Beginning with the line that contains "<!-- Creator: CorelDRAW X7 -->" in the material below, print each line exactly until the line that contains "251c0,10 1,14 7,20" has been printed, then stop.

■ MATERIAL PROVIDED:
*** Begin section ***

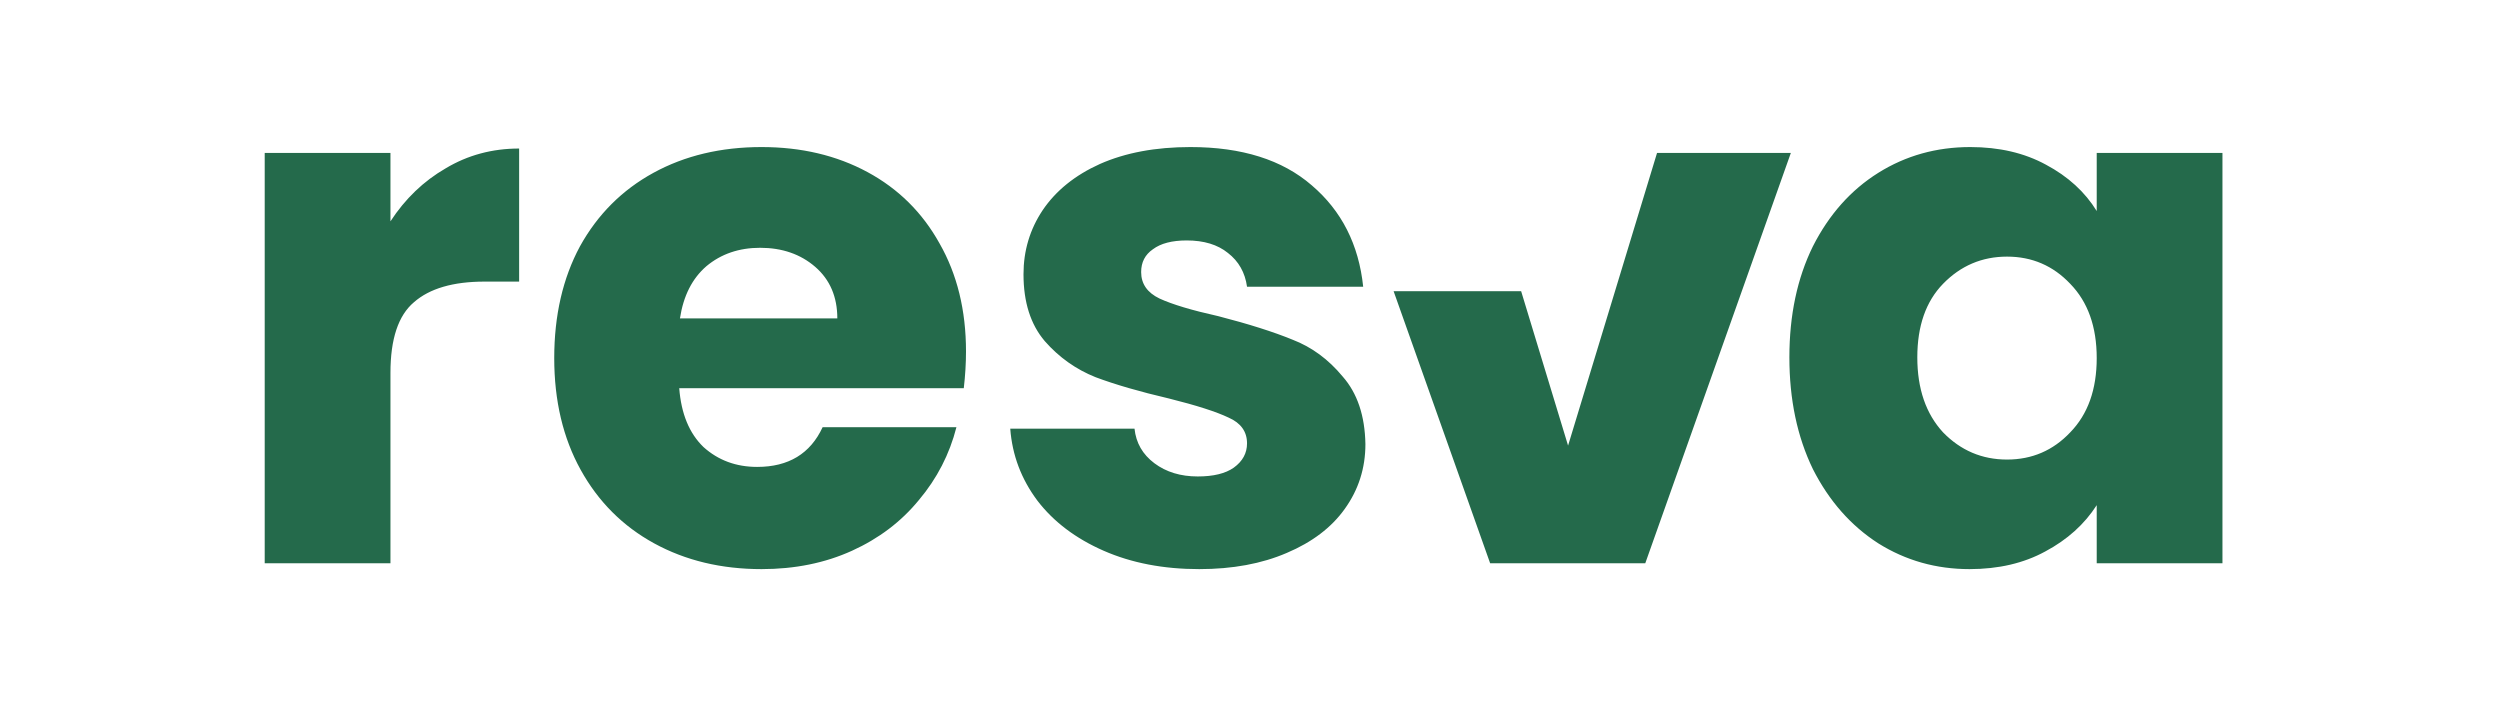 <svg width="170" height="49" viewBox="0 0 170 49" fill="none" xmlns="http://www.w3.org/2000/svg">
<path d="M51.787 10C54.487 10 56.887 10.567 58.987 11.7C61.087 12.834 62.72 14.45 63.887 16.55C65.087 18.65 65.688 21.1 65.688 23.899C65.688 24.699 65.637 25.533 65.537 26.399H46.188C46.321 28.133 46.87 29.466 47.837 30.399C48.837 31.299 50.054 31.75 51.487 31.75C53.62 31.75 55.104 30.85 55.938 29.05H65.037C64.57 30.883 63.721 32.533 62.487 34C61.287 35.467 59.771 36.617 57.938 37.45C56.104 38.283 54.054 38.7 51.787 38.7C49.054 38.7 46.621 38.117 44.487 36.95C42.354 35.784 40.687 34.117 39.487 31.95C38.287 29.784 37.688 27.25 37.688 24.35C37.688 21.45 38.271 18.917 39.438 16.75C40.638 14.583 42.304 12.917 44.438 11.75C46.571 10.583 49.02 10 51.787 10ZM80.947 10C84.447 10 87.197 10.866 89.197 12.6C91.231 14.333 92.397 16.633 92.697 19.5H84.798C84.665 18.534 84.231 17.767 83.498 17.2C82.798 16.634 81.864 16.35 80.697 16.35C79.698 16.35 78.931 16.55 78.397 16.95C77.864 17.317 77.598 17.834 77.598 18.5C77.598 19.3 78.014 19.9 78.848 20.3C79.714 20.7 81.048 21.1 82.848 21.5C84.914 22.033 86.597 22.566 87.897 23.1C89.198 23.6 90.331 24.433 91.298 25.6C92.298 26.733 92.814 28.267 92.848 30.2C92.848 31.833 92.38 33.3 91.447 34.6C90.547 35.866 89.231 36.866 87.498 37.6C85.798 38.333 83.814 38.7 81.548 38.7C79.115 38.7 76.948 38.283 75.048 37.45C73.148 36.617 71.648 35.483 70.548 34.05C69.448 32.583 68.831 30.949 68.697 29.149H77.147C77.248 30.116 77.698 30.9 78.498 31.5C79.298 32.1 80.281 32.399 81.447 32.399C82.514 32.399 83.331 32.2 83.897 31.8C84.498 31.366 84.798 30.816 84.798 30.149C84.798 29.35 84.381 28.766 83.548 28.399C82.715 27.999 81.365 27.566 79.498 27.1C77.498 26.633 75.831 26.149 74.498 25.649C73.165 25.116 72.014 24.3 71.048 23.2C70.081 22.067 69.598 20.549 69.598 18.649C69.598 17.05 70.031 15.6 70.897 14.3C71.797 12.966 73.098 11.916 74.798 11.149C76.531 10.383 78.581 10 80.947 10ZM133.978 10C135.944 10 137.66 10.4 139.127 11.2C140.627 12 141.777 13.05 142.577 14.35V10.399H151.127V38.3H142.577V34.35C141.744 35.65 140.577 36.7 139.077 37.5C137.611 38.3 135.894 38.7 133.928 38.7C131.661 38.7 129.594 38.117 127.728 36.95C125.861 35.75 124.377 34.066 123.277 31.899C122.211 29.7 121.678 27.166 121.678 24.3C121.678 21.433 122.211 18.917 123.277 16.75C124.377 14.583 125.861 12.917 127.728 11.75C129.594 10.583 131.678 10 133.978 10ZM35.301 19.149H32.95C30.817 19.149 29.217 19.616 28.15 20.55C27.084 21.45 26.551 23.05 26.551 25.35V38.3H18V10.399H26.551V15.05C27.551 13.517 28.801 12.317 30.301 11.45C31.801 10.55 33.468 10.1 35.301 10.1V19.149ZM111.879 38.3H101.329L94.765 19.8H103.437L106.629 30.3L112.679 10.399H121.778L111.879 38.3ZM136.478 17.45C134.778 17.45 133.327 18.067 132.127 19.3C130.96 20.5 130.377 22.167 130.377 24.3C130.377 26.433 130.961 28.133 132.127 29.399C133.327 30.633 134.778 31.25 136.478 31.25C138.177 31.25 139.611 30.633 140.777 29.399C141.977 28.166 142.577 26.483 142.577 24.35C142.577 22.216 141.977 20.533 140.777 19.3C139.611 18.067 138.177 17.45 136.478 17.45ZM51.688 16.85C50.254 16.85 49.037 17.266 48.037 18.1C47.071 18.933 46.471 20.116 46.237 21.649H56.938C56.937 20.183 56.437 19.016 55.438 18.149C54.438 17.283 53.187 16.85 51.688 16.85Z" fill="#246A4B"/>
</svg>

*** End section ***
*** Begin section ***

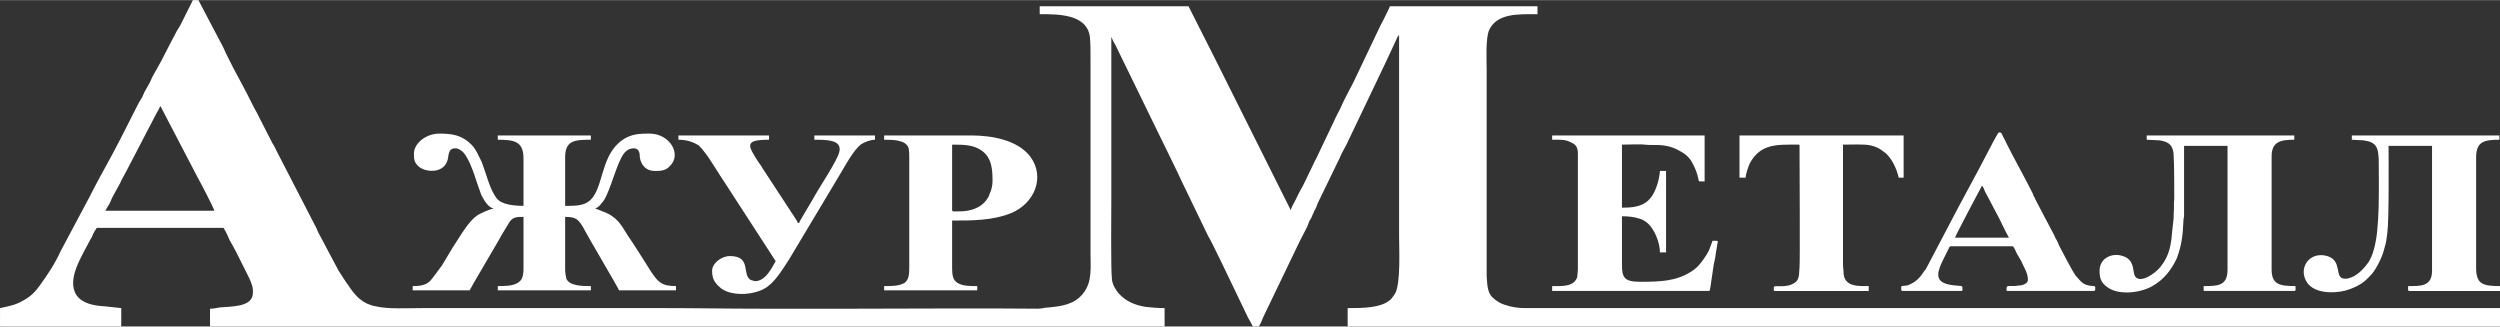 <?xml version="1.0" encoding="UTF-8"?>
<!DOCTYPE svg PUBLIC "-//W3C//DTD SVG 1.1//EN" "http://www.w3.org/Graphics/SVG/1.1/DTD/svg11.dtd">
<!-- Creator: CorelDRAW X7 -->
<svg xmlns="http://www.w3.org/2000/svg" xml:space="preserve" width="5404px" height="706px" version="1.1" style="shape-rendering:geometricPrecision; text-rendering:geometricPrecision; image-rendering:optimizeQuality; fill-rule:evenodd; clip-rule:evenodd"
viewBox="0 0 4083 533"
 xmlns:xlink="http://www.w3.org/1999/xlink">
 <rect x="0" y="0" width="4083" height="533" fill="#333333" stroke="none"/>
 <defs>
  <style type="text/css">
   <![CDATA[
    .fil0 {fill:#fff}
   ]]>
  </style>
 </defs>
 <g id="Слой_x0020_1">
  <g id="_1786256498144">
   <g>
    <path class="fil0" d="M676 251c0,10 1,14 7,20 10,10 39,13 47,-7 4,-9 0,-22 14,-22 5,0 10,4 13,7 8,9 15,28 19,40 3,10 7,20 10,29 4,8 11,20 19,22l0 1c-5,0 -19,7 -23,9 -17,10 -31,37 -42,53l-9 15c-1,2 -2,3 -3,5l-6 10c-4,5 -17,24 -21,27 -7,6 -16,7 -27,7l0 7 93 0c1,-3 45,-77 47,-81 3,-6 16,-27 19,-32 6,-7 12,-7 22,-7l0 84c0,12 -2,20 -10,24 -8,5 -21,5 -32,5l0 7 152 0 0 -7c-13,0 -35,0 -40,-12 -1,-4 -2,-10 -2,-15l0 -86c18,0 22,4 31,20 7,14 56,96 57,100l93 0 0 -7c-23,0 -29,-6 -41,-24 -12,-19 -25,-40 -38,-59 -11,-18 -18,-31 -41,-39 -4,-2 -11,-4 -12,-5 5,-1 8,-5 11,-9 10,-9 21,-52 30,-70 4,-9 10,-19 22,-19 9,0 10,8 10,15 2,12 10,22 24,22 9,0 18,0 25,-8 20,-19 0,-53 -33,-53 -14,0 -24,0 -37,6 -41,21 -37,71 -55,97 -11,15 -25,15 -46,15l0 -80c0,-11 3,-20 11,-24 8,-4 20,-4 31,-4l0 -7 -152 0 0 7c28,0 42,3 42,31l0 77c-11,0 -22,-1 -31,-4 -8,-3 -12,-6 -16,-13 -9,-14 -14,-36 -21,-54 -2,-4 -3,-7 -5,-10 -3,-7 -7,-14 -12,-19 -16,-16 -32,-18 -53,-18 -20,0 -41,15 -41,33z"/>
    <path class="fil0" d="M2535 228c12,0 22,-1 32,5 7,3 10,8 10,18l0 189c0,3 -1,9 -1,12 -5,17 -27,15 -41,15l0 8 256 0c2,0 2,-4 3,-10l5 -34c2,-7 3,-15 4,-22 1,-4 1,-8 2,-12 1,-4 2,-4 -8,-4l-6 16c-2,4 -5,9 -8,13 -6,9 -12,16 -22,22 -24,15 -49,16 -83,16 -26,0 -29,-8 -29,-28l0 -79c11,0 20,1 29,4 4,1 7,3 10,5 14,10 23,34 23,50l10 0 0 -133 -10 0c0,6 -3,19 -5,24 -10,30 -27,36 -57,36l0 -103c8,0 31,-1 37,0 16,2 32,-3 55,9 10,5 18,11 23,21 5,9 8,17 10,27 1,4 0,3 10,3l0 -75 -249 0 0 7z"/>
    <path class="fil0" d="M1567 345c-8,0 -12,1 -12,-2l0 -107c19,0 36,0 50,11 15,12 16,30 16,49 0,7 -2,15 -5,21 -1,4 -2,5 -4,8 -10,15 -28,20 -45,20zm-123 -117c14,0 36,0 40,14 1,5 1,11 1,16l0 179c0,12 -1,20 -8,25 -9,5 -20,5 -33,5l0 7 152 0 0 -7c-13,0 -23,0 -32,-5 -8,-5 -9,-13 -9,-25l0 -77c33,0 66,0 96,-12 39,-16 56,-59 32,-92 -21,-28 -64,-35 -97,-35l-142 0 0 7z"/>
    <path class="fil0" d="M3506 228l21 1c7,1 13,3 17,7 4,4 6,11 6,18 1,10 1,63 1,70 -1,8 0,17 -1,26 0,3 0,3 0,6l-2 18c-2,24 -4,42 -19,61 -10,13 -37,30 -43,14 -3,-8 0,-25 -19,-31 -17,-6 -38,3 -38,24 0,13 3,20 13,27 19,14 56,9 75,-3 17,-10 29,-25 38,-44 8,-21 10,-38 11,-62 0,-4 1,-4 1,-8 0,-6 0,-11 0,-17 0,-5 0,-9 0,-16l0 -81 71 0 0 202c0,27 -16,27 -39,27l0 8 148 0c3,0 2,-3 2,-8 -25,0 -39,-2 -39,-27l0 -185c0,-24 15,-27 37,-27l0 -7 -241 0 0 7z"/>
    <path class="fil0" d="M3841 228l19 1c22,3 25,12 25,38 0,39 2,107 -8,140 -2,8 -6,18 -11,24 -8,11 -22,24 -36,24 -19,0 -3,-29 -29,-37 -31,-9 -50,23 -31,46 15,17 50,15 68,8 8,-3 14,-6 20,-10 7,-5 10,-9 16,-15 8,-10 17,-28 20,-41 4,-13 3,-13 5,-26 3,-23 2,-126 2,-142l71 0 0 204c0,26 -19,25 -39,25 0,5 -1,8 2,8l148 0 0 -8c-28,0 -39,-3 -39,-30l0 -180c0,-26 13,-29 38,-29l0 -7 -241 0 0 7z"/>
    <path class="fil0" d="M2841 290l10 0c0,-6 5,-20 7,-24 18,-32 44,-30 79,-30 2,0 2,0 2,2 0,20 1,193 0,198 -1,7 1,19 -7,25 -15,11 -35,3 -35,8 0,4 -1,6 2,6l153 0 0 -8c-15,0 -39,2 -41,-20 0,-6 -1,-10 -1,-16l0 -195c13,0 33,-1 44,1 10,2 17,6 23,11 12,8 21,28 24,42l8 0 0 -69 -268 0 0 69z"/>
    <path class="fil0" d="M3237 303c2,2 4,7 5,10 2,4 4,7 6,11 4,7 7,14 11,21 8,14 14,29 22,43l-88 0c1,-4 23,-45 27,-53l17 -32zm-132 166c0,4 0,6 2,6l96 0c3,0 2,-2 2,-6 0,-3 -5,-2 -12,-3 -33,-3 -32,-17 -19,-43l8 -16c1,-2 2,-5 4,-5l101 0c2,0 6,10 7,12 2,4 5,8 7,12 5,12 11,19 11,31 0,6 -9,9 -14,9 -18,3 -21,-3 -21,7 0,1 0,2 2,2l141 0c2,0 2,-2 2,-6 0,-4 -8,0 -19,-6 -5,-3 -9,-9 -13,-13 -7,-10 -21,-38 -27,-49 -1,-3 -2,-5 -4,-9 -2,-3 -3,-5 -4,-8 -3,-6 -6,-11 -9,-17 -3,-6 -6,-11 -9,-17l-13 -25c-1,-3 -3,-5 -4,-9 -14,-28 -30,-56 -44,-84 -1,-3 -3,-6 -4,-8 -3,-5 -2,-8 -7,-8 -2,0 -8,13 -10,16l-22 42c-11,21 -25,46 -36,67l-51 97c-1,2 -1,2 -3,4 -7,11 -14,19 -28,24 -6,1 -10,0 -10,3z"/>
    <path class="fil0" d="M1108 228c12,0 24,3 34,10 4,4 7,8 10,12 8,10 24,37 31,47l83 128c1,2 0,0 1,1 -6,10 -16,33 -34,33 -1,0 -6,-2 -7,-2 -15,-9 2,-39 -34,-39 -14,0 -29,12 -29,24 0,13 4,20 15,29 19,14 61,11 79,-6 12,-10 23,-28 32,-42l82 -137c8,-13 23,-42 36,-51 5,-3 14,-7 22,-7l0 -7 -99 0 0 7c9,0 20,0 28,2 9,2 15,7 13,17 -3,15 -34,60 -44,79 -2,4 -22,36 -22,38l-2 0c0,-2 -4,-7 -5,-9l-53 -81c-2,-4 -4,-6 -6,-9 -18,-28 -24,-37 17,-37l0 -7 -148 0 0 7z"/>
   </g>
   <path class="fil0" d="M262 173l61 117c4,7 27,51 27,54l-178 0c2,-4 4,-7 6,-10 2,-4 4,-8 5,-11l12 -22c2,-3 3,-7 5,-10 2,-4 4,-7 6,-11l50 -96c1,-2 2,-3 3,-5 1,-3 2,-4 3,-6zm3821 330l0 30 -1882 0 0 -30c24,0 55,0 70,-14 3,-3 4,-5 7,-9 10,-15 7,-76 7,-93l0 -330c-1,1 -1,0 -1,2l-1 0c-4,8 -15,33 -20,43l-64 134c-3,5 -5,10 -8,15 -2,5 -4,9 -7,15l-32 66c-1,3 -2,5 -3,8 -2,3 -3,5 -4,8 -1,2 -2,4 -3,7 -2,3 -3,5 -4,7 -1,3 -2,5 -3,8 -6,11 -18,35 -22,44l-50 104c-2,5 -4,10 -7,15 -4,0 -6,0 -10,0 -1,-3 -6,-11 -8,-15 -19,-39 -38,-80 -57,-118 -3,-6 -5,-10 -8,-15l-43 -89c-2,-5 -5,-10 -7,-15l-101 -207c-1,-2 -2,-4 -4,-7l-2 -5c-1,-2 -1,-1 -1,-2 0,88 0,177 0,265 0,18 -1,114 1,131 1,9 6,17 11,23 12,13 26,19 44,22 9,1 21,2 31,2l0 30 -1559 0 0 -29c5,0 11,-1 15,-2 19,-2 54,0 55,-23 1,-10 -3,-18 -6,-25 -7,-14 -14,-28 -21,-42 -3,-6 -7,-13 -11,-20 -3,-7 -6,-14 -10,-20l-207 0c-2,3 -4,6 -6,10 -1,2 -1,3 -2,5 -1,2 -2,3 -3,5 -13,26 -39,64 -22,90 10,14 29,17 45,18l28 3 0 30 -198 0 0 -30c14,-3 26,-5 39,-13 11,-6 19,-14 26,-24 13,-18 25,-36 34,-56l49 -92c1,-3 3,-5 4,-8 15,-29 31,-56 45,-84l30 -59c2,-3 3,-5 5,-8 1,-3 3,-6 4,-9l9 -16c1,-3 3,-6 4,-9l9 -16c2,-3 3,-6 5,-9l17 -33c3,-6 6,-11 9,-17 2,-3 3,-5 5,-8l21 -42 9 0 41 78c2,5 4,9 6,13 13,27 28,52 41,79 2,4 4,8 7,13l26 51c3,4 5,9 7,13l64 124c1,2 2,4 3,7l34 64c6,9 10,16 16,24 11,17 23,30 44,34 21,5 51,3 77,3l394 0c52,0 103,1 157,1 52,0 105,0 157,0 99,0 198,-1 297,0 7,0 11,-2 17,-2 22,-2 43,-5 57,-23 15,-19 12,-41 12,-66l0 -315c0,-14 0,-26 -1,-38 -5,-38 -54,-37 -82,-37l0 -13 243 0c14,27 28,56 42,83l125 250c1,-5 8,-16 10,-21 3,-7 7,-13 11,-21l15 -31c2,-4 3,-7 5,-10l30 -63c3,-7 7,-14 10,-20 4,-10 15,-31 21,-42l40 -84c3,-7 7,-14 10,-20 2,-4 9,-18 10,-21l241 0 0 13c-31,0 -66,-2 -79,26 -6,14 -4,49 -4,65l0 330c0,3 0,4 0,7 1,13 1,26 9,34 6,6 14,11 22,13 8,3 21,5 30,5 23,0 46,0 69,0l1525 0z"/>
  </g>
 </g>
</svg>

*** End section ***

■ EXERCISE OUTPUT:
<!-- Creator: CorelDRAW X7 -->
<svg xmlns="http://www.w3.org/2000/svg" xml:space="preserve" width="5404px" height="706px" version="1.1" style="shape-rendering:geometricPrecision; text-rendering:geometricPrecision; image-rendering:optimizeQuality; fill-rule:evenodd; clip-rule:evenodd"
viewBox="0 0 4083 533"
 xmlns:xlink="http://www.w3.org/1999/xlink">
 <rect x="0" y="0" width="4083" height="533" fill="#333333" stroke="none"/>
 <defs>
  <style type="text/css">
   <![CDATA[
    .fil0 {fill:#fff}
   ]]>
  </style>
 </defs>
 <g id="Слой_x0020_1">
  <g id="_1786256498144">
   <g>
    <path class="fil0" d="M676 251c0,10 1,14 7,20 10,10 39,13 47,-7 4,-9 0,-22 14,-22 5,0 10,4 13,7 8,9 15,28 19,40 3,10 7,20 10,29 4,8 11,20 19,22l0 1c-5,0 -19,7 -23,9 -17,10 -31,37 -42,53l-9 15c-1,2 -2,3 -3,5l-6 10c-4,5 -17,24 -21,27 -7,6 -16,7 -27,7l0 7 93 0c1,-3 45,-77 47,-81 3,-6 16,-27 19,-32 6,-7 12,-7 22,-7l0 84c0,12 -2,20 -10,24 -8,5 -21,5 -32,5l0 7 152 0 0 -7c-13,0 -35,0 -40,-12 -1,-4 -2,-10 -2,-15l0 -86c18,0 22,4 31,20 7,14 56,96 57,100l93 0 0 -7c-23,0 -29,-6 -41,-24 -12,-19 -25,-40 -38,-59 -11,-18 -18,-31 -41,-39 -4,-2 -11,-4 -12,-5 5,-1 8,-5 11,-9 10,-9 21,-52 30,-70 4,-9 10,-19 22,-19 9,0 10,8 10,15 2,12 10,22 24,22 9,0 18,0 25,-8 20,-19 0,-53 -33,-53 -14,0 -24,0 -37,6 -41,21 -37,71 -55,97 -11,15 -25,15 -46,15l0 -80c0,-11 3,-20 11,-24 8,-4 20,-4 31,-4l0 -7 -152 0 0 7c28,0 42,3 42,31l0 77c-11,0 -22,-1 -31,-4 -8,-3 -12,-6 -16,-13 -9,-14 -14,-36 -21,-54 -2,-4 -3,-7 -5,-10 -3,-7 -7,-14 -12,-19 -16,-16 -32,-18 -53,-18 -20,0 -41,15 -41,33z"/>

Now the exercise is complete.